Abstract: The Buckley-James method for the classical accelerated failure time model has been extended to accommodate heteroscedastic survival data in two ways. The first is the weighted least squares method, which estimates the heteroscedasticity nonparametrically, while the second is the local Buckely-James method, which uses local Kaplan-Meier method to estimate heteroscedasticity. In this talk, we will discuss and compare these two methods theoretically and numerically with simulation studies. Two real data examples are used for practical illustration of the comparison.

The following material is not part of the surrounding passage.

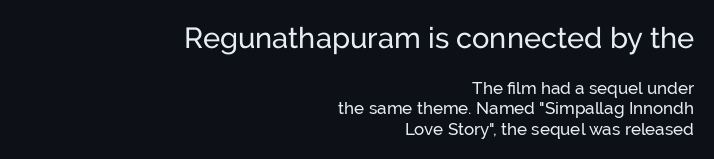
{"serif": "no", "italic": "no", "width": "normal", "stroke_contrast": "low", "x_height": "medium", "monospaced": "no", "underline": "no", "align": "right", "line_spacing_ratio": 1.2, "letter_spacing": "normal", "letter_spacing_em": 0.0, "larger_block": "first", "size_ratio": 1.71, "glyph_px": 29}

3:00-4:00pm, November 04, 2022, Virtual Statistics Seminar, Webex Meeting Link: https://gsumeetings.webex.com/gsumeetings/j.php?MTID=mebd181d58e6c1ea7ab546b83c1bf8e39 , Dr. TSZ Chai Fung, Assistant Professor, Department of Risk Management & Insurance, Georgia State University,
A Posteriori Risk Classification and Ratemaking with Random Effects in the Mixture-of-Experts Model

Abstract: In the underwriting and pricing of non-life insurance products, the insurer needs to utilize both policyholder information and claim history to ensure profitability and proper risk management. While the policyholder information such as age and gender reflect the observable risk characteristics, their claim history may be regarded as a manifestation of unmeasurable and unobservable risk factors, which could vary drastically across different policyholders. This presentation introduces a flexible regression model, called the Mixed LRMoE, for a posteriori rate making, which leverages policyholder information and their claim history, to categorize policyholders into groups with risk profiles and to determine a premium that accurately captures the unobserved risks. Our proposed framework outperforms the benchmark models regarding goodness-of-fit to a real, multiyear automobile insurance dataset while offering intuitive and interpretable characterization of policyholders' risk profiles to reflect their claim history adequately.